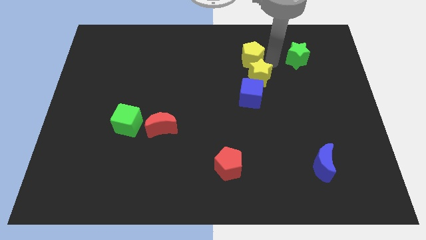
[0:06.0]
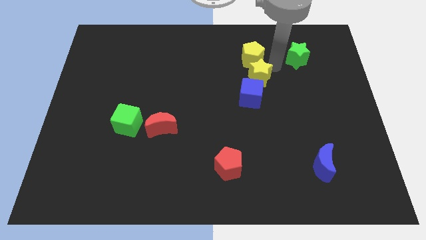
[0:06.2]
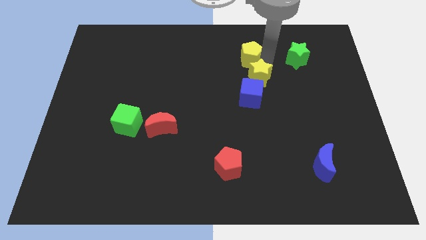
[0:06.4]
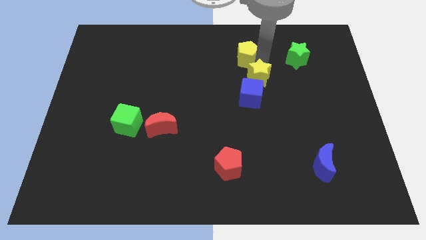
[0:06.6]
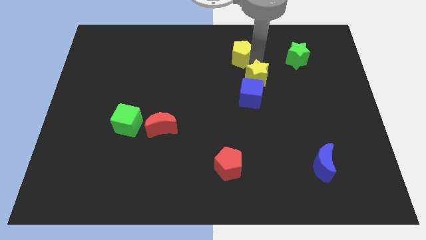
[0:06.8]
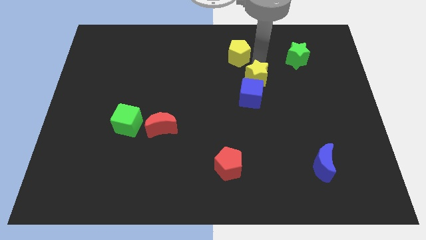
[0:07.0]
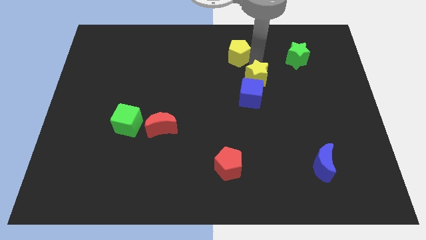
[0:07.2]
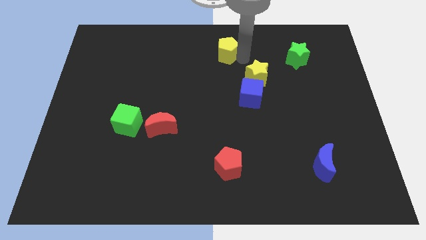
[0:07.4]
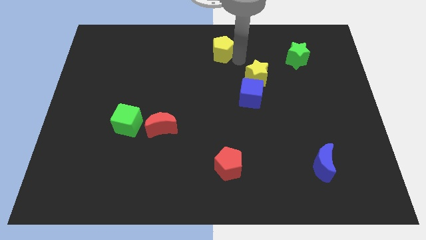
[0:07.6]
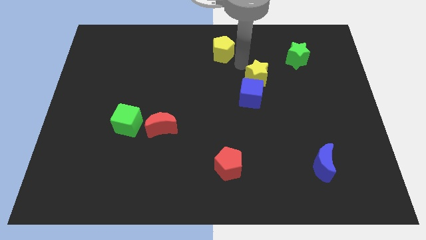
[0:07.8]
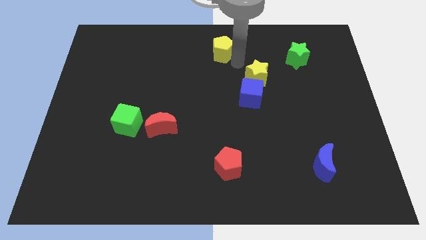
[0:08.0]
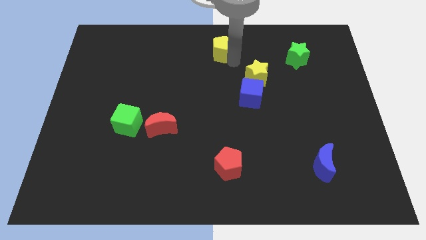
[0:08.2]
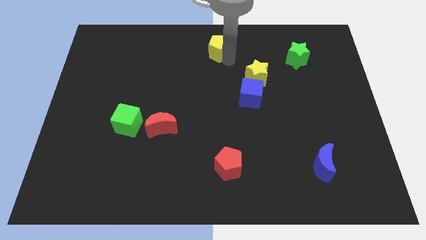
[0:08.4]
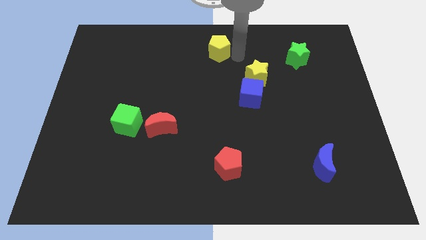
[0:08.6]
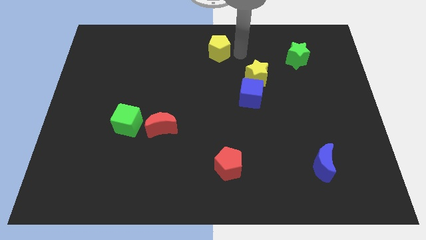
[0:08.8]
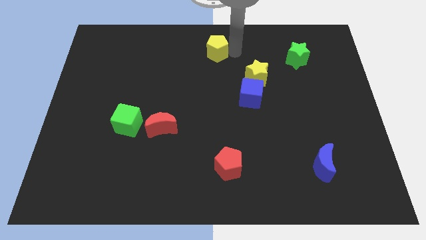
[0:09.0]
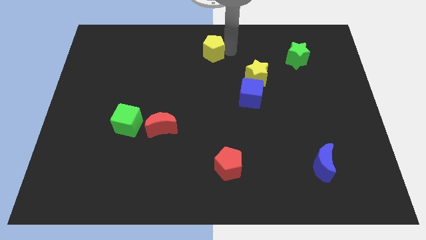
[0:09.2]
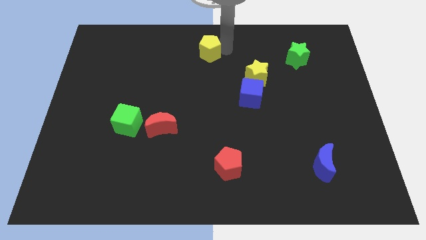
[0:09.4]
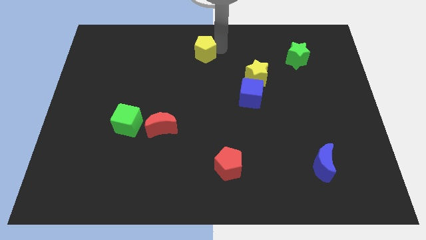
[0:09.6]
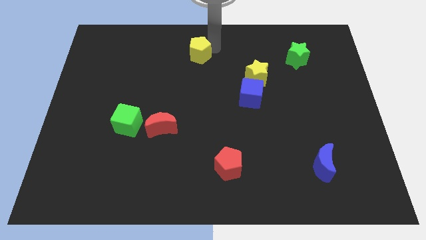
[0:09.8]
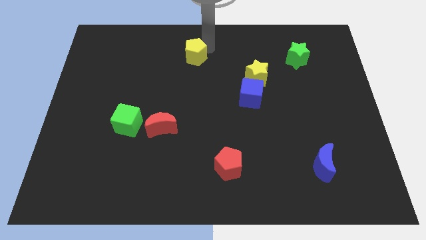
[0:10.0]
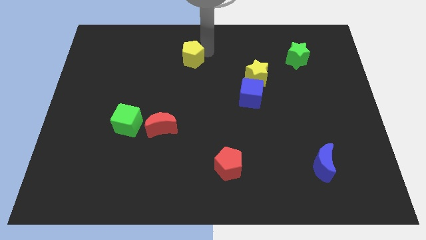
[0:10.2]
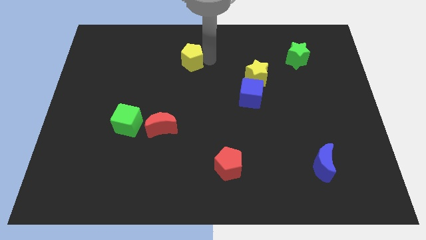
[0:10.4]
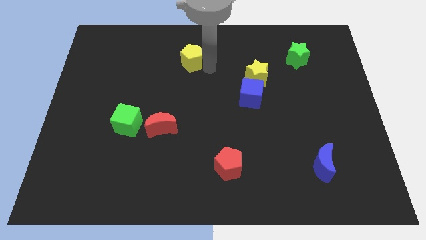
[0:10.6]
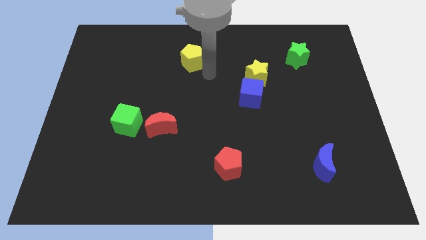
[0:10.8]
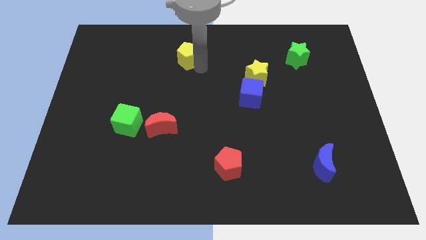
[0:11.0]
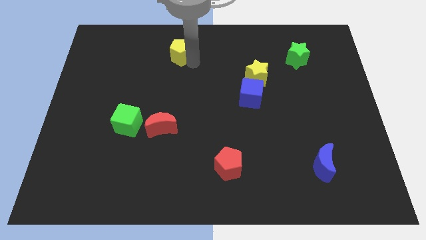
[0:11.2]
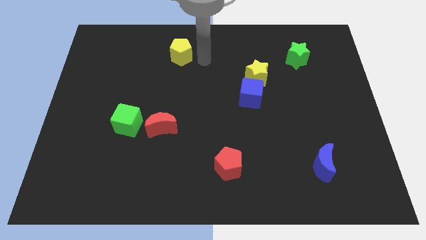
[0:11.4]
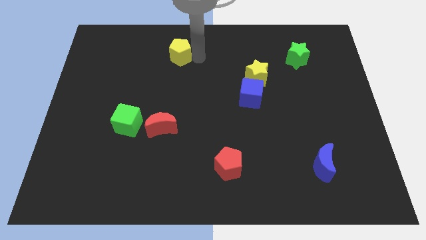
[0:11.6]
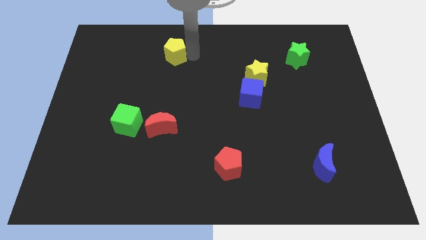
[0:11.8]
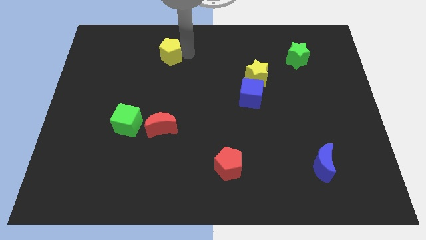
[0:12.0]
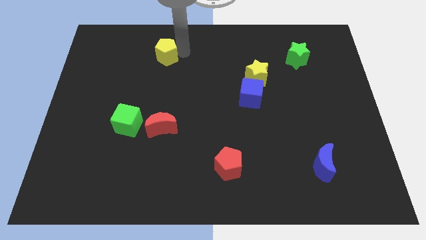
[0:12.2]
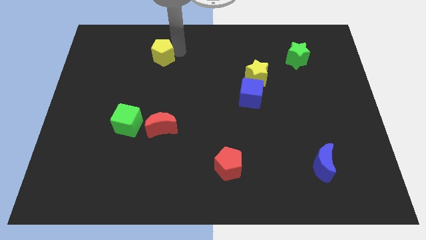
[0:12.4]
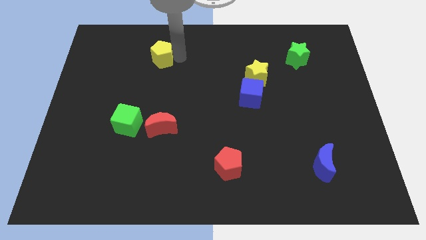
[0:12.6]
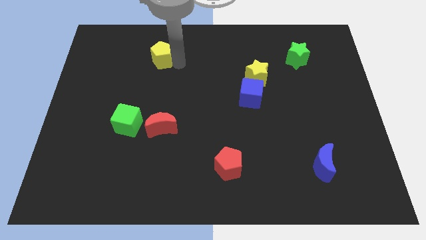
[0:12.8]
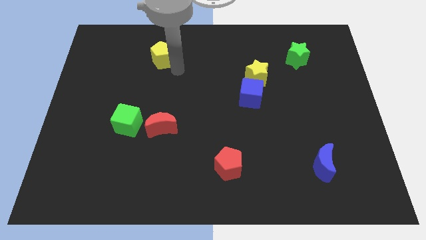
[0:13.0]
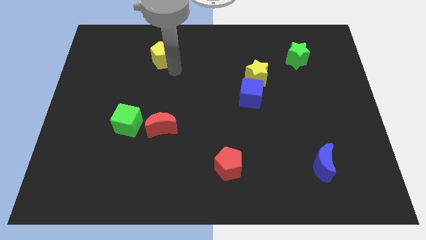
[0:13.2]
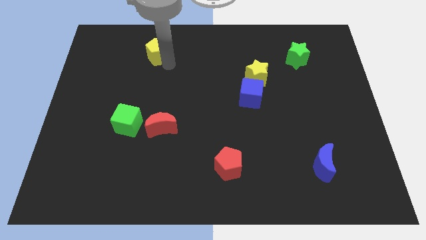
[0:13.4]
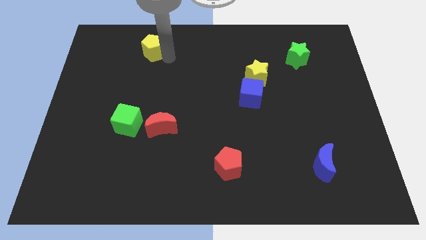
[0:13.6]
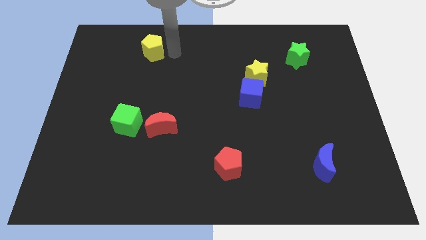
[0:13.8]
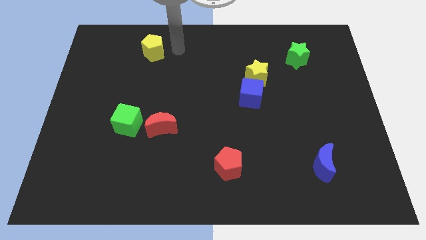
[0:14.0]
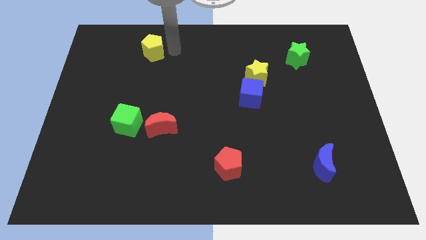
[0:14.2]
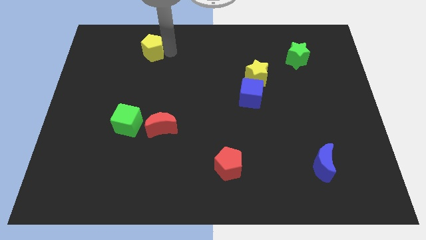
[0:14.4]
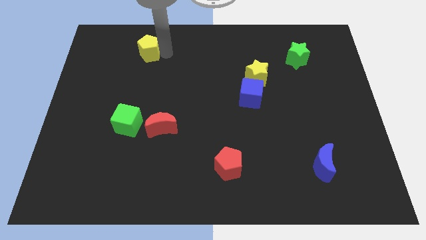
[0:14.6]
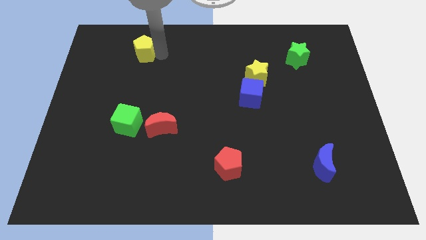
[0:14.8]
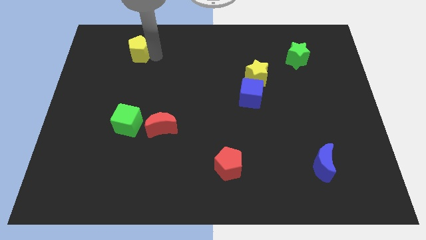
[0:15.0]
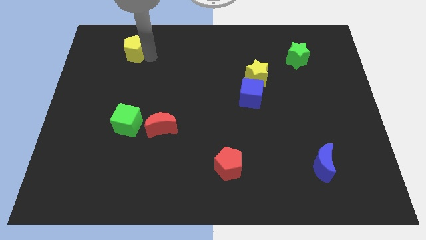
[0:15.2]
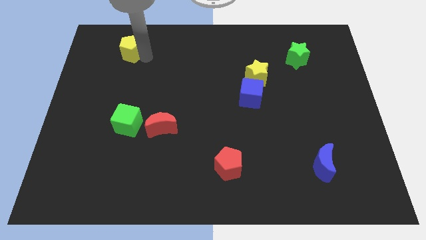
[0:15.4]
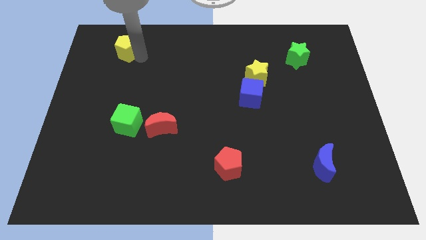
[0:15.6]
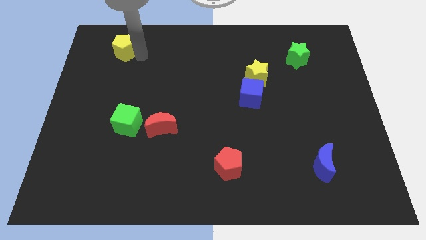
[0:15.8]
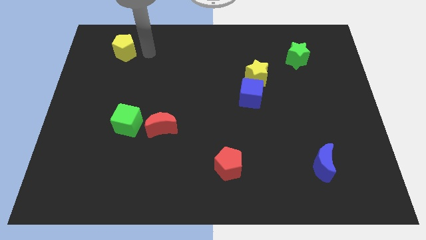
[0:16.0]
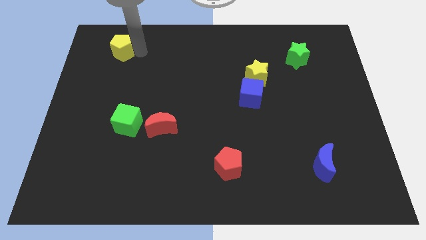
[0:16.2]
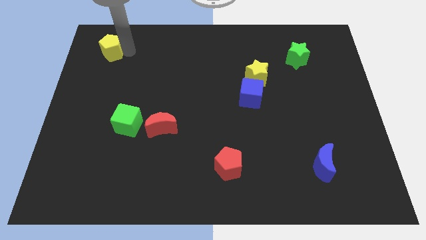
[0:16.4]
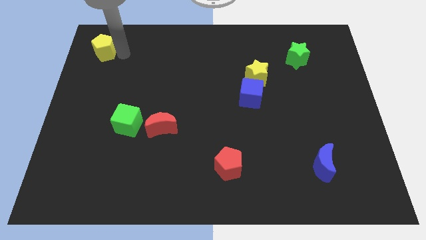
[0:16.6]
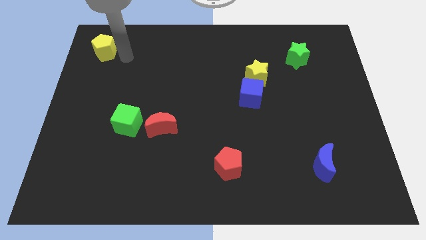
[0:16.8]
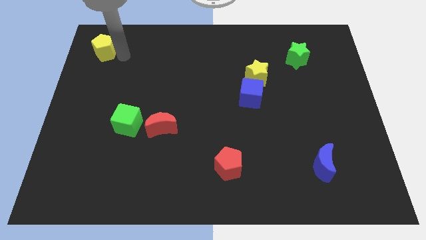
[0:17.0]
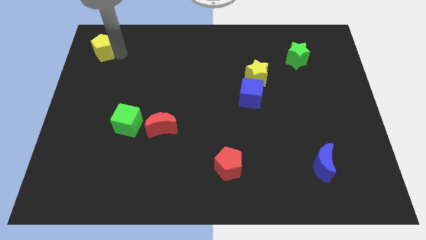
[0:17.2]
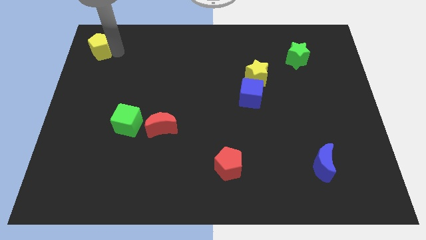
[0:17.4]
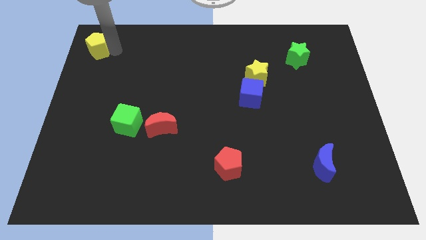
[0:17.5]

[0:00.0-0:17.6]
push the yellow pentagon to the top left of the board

------

• [Your objective]: Your task is to repeat the material above exactly, without its pictures.

• [Result of the task]:
[0:06.0]
[0:06.2]
[0:06.4]
[0:06.6]
[0:06.8]
[0:07.0]
[0:07.2]
[0:07.4]
[0:07.6]
[0:07.8]
[0:08.0]
[0:08.2]
[0:08.4]
[0:08.6]
[0:08.8]
[0:09.0]
[0:09.2]
[0:09.4]
[0:09.6]
[0:09.8]
[0:10.0]
[0:10.2]
[0:10.4]
[0:10.6]
[0:10.8]
[0:11.0]
[0:11.2]
[0:11.4]
[0:11.6]
[0:11.8]
[0:12.0]
[0:12.2]
[0:12.4]
[0:12.6]
[0:12.8]
[0:13.0]
[0:13.2]
[0:13.4]
[0:13.6]
[0:13.8]
[0:14.0]
[0:14.2]
[0:14.4]
[0:14.6]
[0:14.8]
[0:15.0]
[0:15.2]
[0:15.4]
[0:15.6]
[0:15.8]
[0:16.0]
[0:16.2]
[0:16.4]
[0:16.6]
[0:16.8]
[0:17.0]
[0:17.2]
[0:17.4]
[0:17.5]

[0:00.0-0:17.6]
push the yellow pentagon to the top left of the board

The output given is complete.